Stored data entries:
- - -
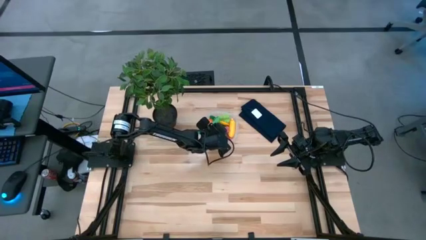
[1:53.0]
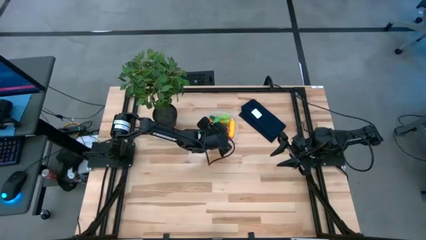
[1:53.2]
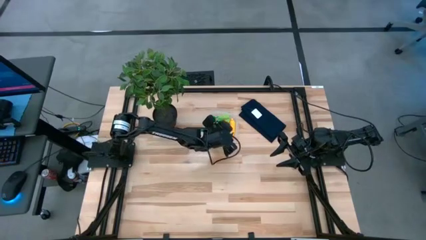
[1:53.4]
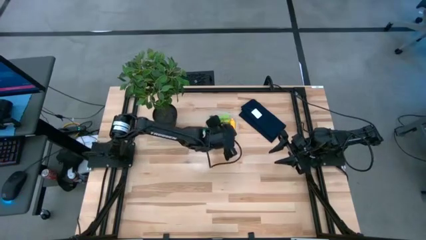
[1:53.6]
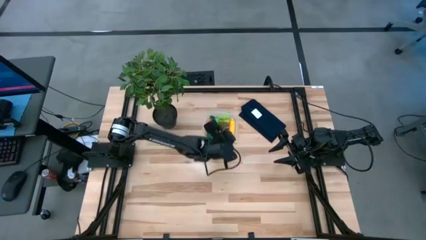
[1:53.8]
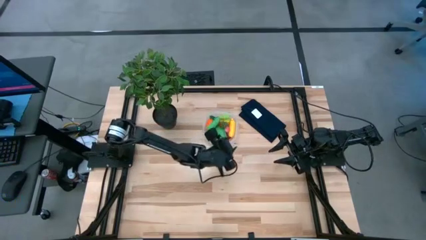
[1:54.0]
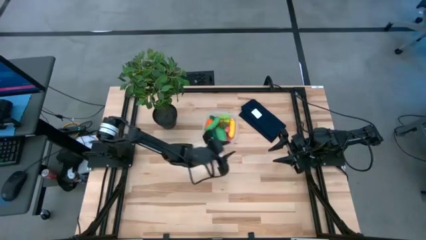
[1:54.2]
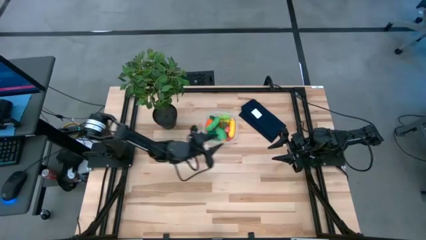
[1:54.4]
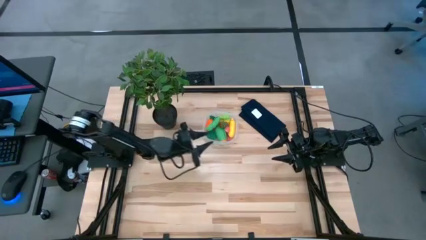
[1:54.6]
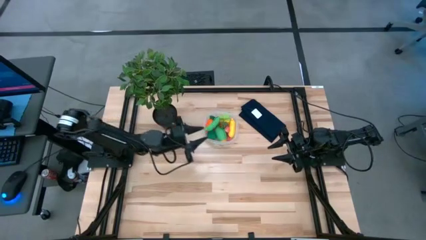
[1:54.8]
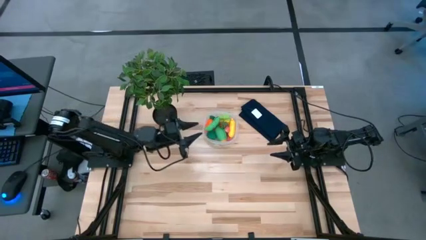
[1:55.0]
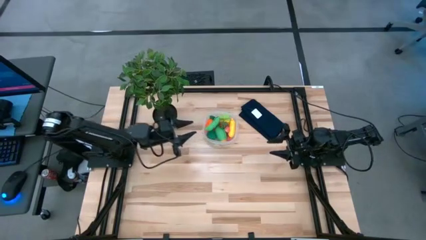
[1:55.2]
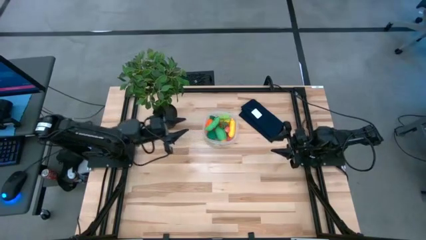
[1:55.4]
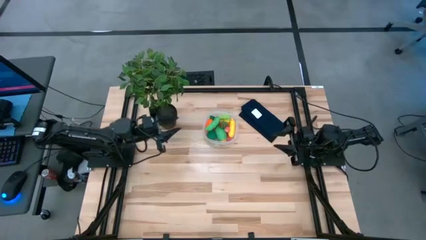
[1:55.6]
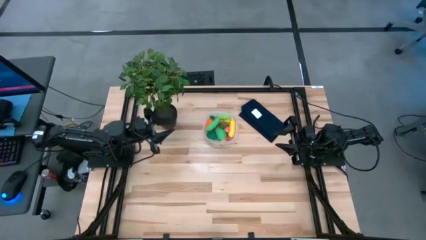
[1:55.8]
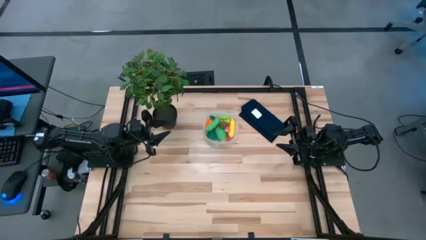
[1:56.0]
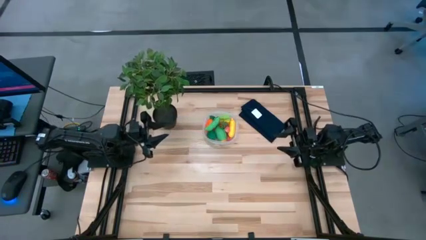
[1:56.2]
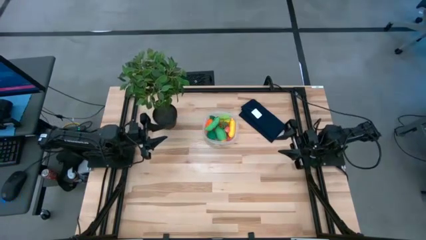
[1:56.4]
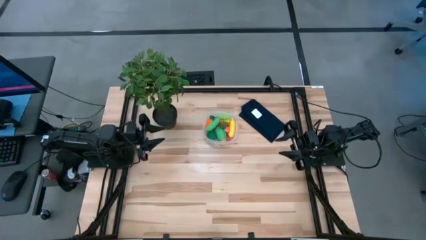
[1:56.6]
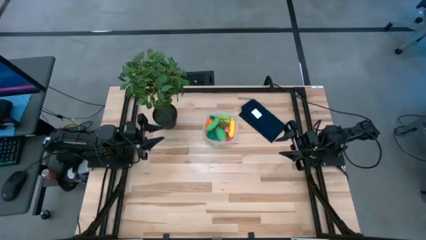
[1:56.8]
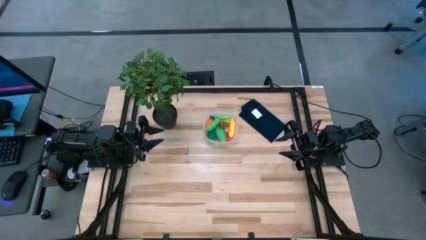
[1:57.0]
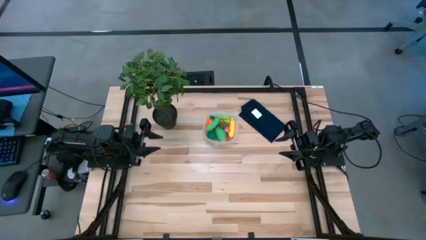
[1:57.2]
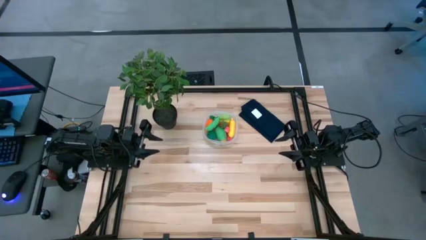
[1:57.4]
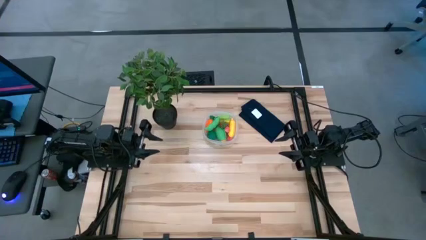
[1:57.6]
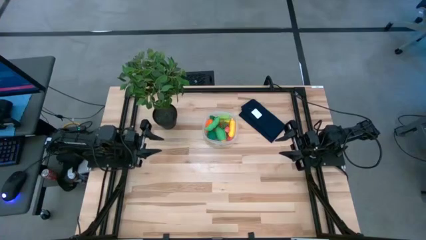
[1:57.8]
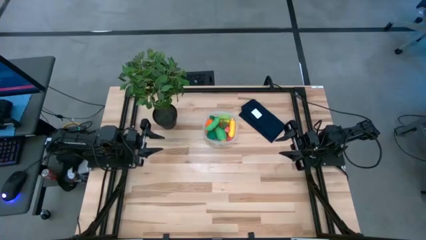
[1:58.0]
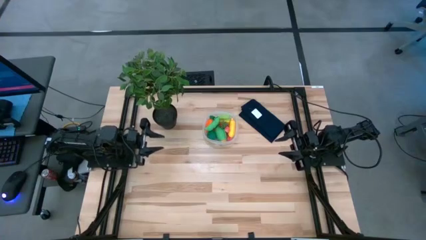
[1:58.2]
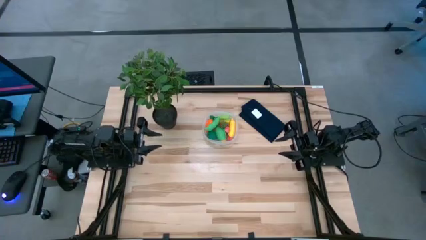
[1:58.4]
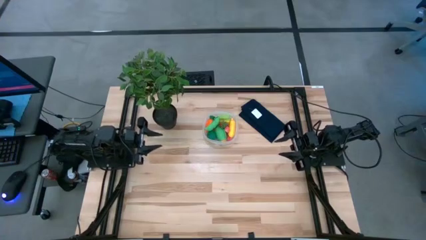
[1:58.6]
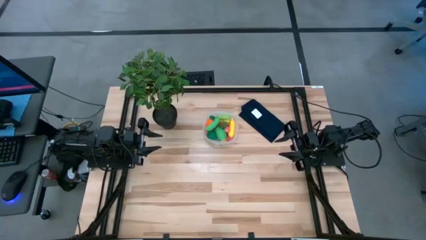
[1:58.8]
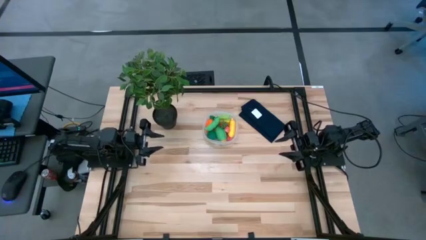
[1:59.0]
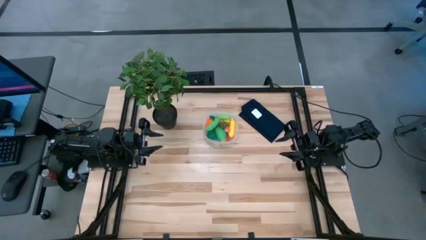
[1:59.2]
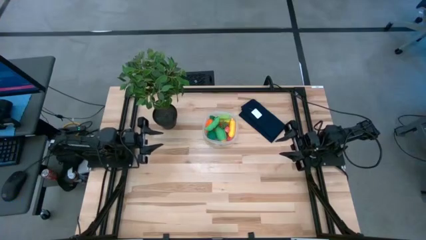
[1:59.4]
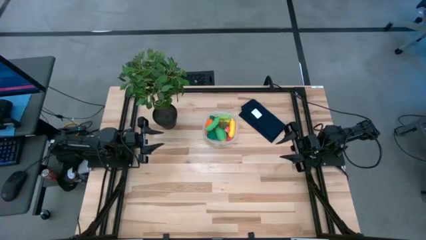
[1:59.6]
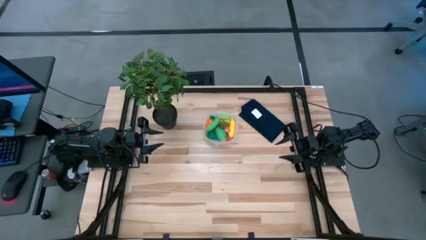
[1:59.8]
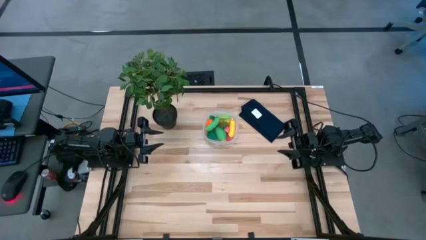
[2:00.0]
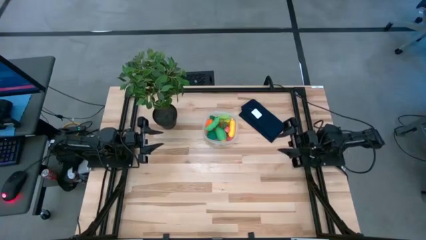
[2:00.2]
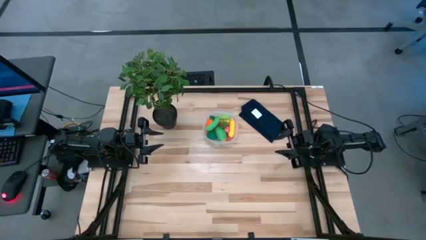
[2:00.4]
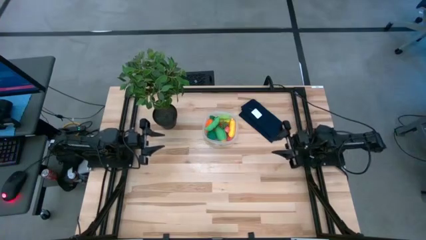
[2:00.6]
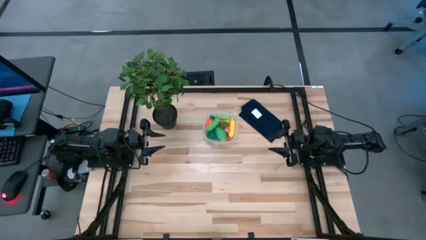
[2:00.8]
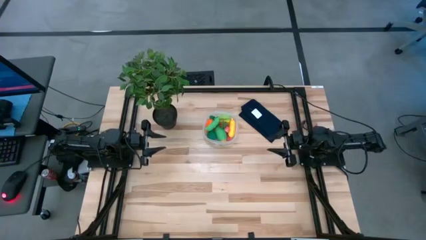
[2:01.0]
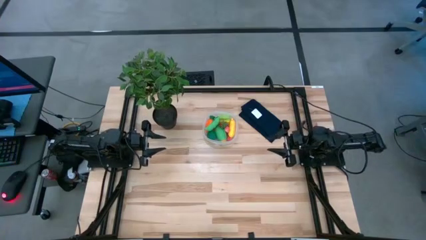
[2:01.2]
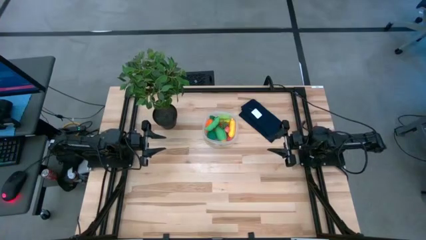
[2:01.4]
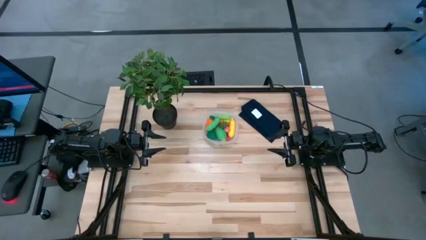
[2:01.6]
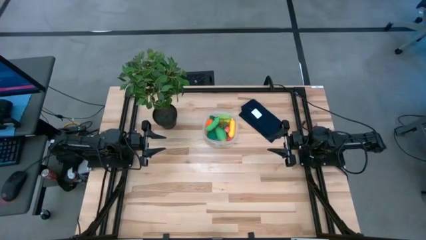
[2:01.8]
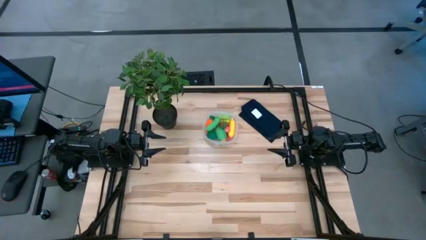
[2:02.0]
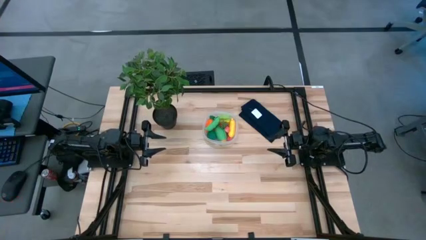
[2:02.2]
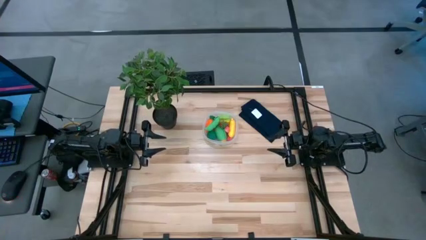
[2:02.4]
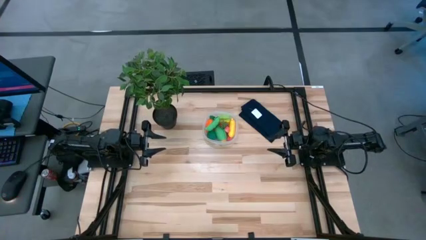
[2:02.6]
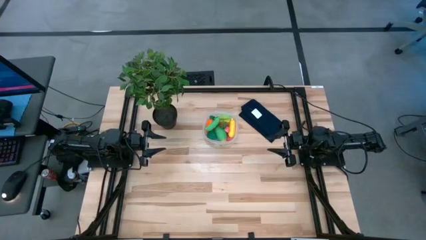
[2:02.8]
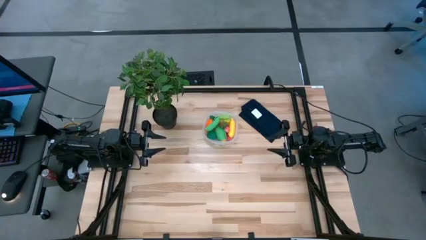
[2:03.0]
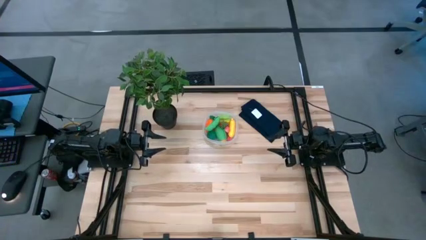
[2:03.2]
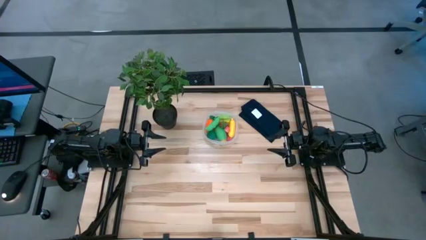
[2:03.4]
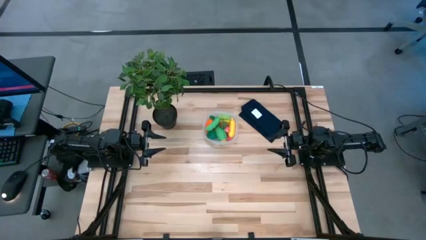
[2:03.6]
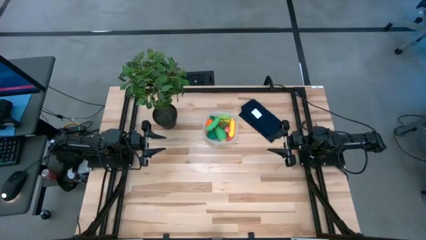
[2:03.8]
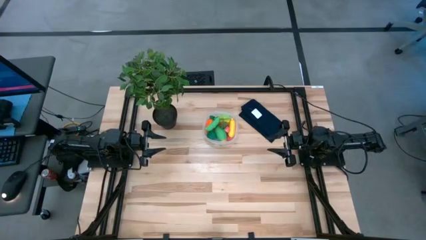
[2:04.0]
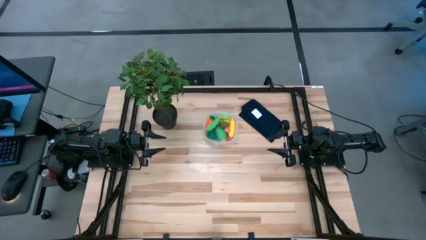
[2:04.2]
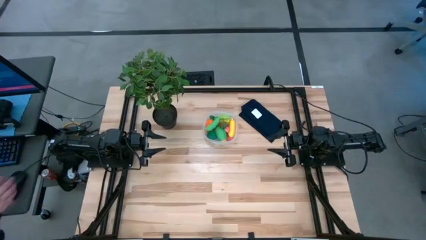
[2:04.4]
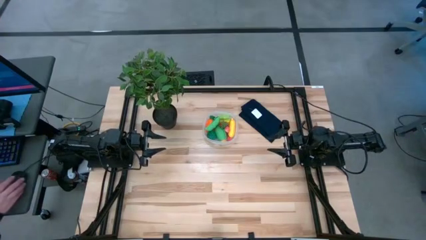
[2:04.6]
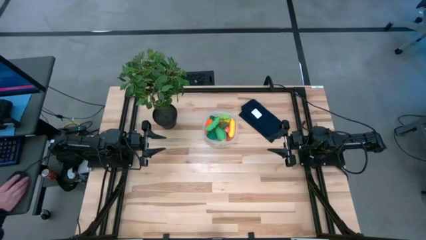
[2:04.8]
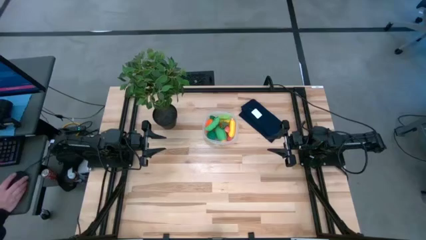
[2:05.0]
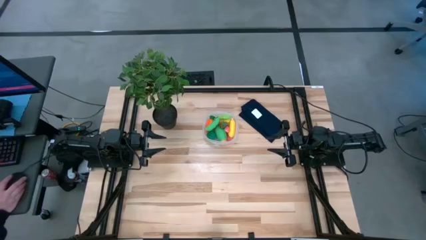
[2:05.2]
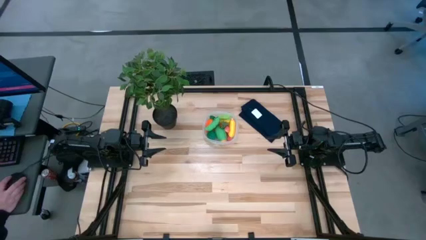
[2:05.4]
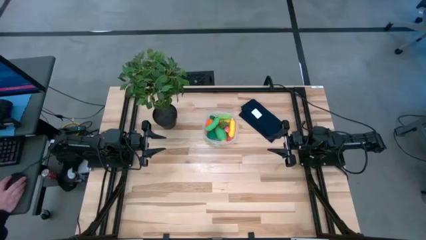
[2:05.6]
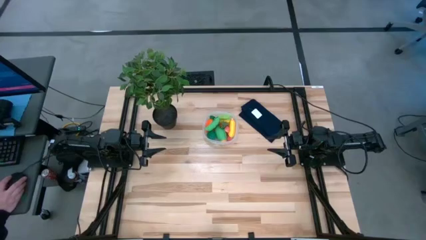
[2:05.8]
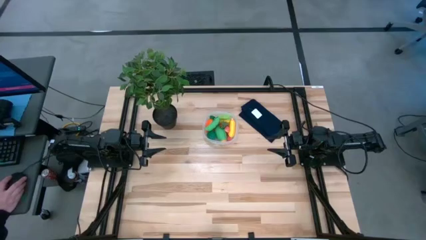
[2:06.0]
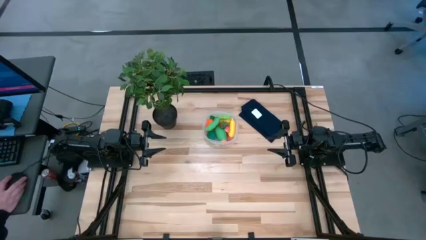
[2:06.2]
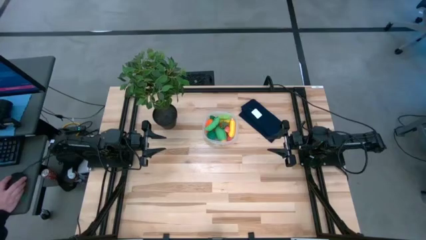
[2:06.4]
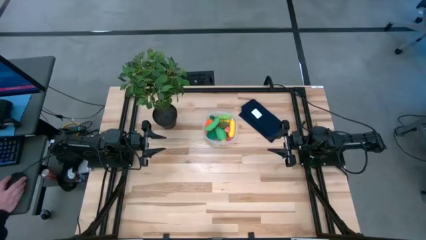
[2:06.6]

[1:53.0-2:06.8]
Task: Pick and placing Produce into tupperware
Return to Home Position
- - -
◆ TASK DESCRIPTION ◆
Every entry above needs to be duplicated precisely, and none of the pictures should appear.

◆ SOLUTION TO THIS TASK ◆
[1:53.0]
[1:53.2]
[1:53.4]
[1:53.6]
[1:53.8]
[1:54.0]
[1:54.2]
[1:54.4]
[1:54.6]
[1:54.8]
[1:55.0]
[1:55.2]
[1:55.4]
[1:55.6]
[1:55.8]
[1:56.0]
[1:56.2]
[1:56.4]
[1:56.6]
[1:56.8]
[1:57.0]
[1:57.2]
[1:57.4]
[1:57.6]
[1:57.8]
[1:58.0]
[1:58.2]
[1:58.4]
[1:58.6]
[1:58.8]
[1:59.0]
[1:59.2]
[1:59.4]
[1:59.6]
[1:59.8]
[2:00.0]
[2:00.2]
[2:00.4]
[2:00.6]
[2:00.8]
[2:01.0]
[2:01.2]
[2:01.4]
[2:01.6]
[2:01.8]
[2:02.0]
[2:02.2]
[2:02.4]
[2:02.6]
[2:02.8]
[2:03.0]
[2:03.2]
[2:03.4]
[2:03.6]
[2:03.8]
[2:04.0]
[2:04.2]
[2:04.4]
[2:04.6]
[2:04.8]
[2:05.0]
[2:05.2]
[2:05.4]
[2:05.6]
[2:05.8]
[2:06.0]
[2:06.2]
[2:06.4]
[2:06.6]

[1:53.0-2:06.8]
Task: Pick and placing Produce into tupperware
Return to Home Position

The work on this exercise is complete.